While it would have been possible to characterize the island using PCR-based assays alone, he said, that would have taken much more time and effort than using the MinIon.
While pursuing the resistance island, the researchers also took a good look at the performance of the MinIon in their hands, and how it compares to other platforms.
In one 18-hour run using the R7 chemistry, for example, they generated 93.4 megabases of data, a total of 16,401 sequencing reads, including template, complement, and two-direction or 2D reads, with a median read length of about 5.4 kilobases and read lengths up to 66.7 kilobases.
The median accuracy of the reads, based on Phred scores from basecalling, was 68.4 percent, ranging from 49.9 percent accuracy for template reads to 60.2 percent for complement reads and 84.2 percent for 2D reads.
They also assessed the accuracy of the MinIon reads based on how they mapped to the Illumina data, and found a median accuracy of 64.3 percent for the template reads, 61.6 percent for the complement reads, and 71.5 percent for the 2D reads.
Many of the errors appeared to be indels, in particular deletions, which often involved stretches of only As and Ts or only Gs and Cs. An analysis of the substitution errors showed that the MinIon has trouble distinguishing between Gs and Cs, especially in homopolymers, the authors wrote.
According to O'Grady, the accuracy has improved with the latest R7.3 chemistry and updated basecalling software and "averages around the mid-80 [percent]," which he said comes close to PacBio's accuracy of about 85 percent but is still much lower than Illumina's 98 to 99 percent accuracy.
His lab did not try to maximize read length for the MinIon – he said other users have obtained reads as long as 150 kilobases – but his median read length of 5.4 kilobases is "comparable" to that of PacBio, which promises average read lengths of 10 to 15 kilobases with its latest P6-C4 chemistry.
The yield of the MinIon also appears to begin to approach PacBio's. Using 48-hour runs, O'Grady's lab has produced up to 150 megabases of data, according to the paper, but other users have reported yields approaching 600 megabases per run. Using PacBio's new chemistry, throughput for the RSII is expected to be between 500 megabases and 1 gigabase per SMRT cell, according to the company.

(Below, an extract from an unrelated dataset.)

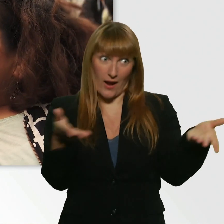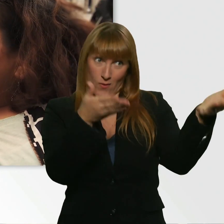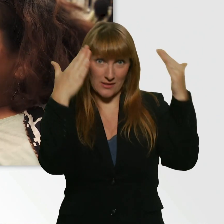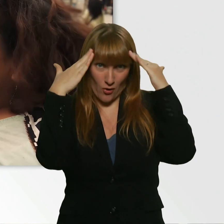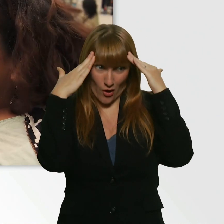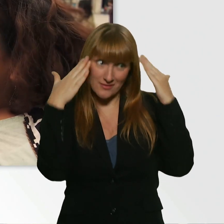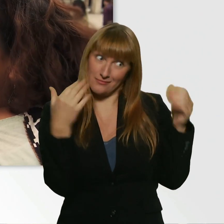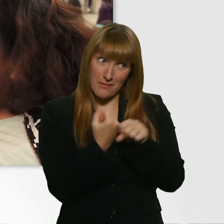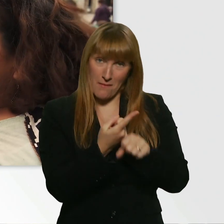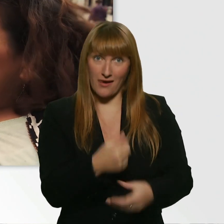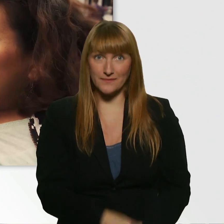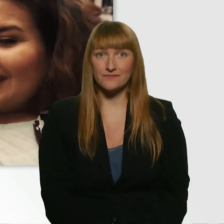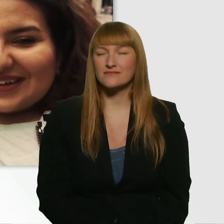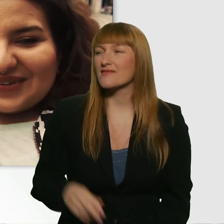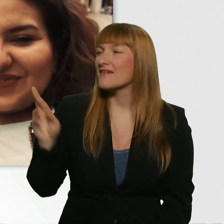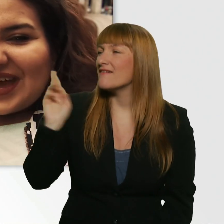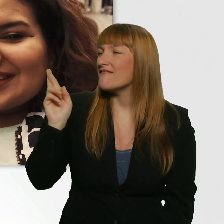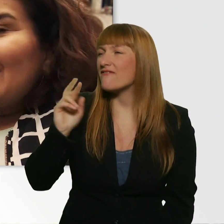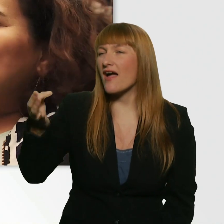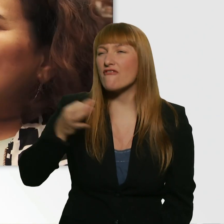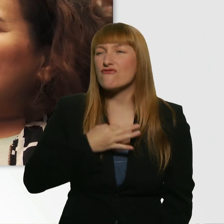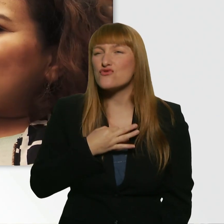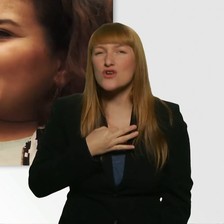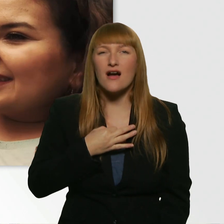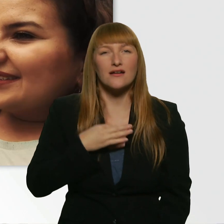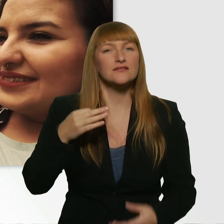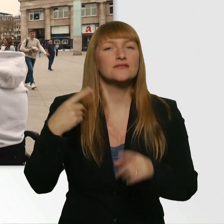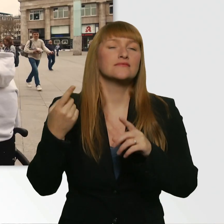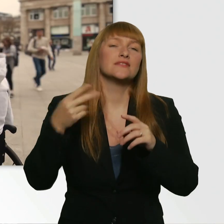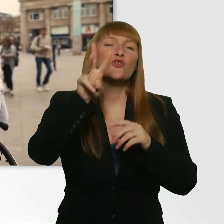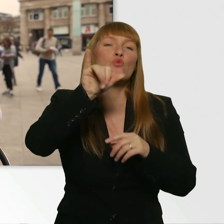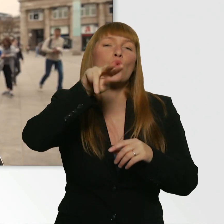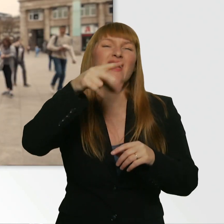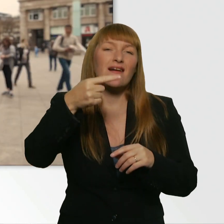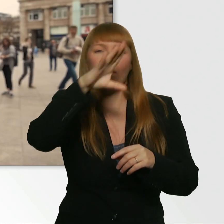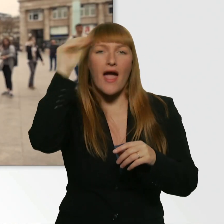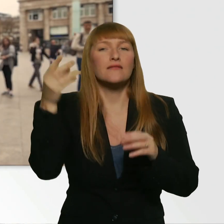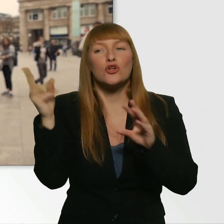Wer ist mein Wingman? - Wer ist dein Wingman? (Kübra) So Leroy, viel Erfolg.

Oxford Nanopore has had issues with the quality of the flow cells, O'Grady said, but given improvements in yield and consistency he thinks MinIon data alone could be used for de novo assemblies, without the use of short-read data, similar to how PacBio data has been used lately.
But also, because of its small size, potential low cost, and ease of use, the MinIon could have applications "far beyond the genome center," he said, including routine infectious disease diagnostics, possibly at the point of care. "I would like to see that type of technology reach clinical microbiology laboratories within five to 10 years," he said.
O'Grady said he is aware of software being designed that can analyze MinIon data remotely and report diagnostically relevant information on pathogens back to users, which "makes the technology very accessible to everybody and takes away the need for a bioinformatician in the lab."
Oxford Nanopore has not said when it plans to complete the MinIon early access program and make the platform commercially available, and it has not set a price yet. The company did not respond to a request for comment for this article. However, the cost per flow cell is expected to be on the order of $1,000, "which is a lot for a single sample, but it depends on the sample you are trying to diagnose," O'Grady said. "If you are looking at sepsis, or respiratory tract infections, you might be able to justify that kind of cost."
His lab is currently looking to use the MinIon for sepsis diagnosis, identifying pathogens directly from blood DNA without cell cultures.
O'Grady acknowledged that other next-generation sequencing platforms, such as Illumina's, are already being used to analyze clinical samples. However, "this particular device is very accessible, and as a non-expert, I was able to take it, run it in the lab, and get results in a week or two," he said.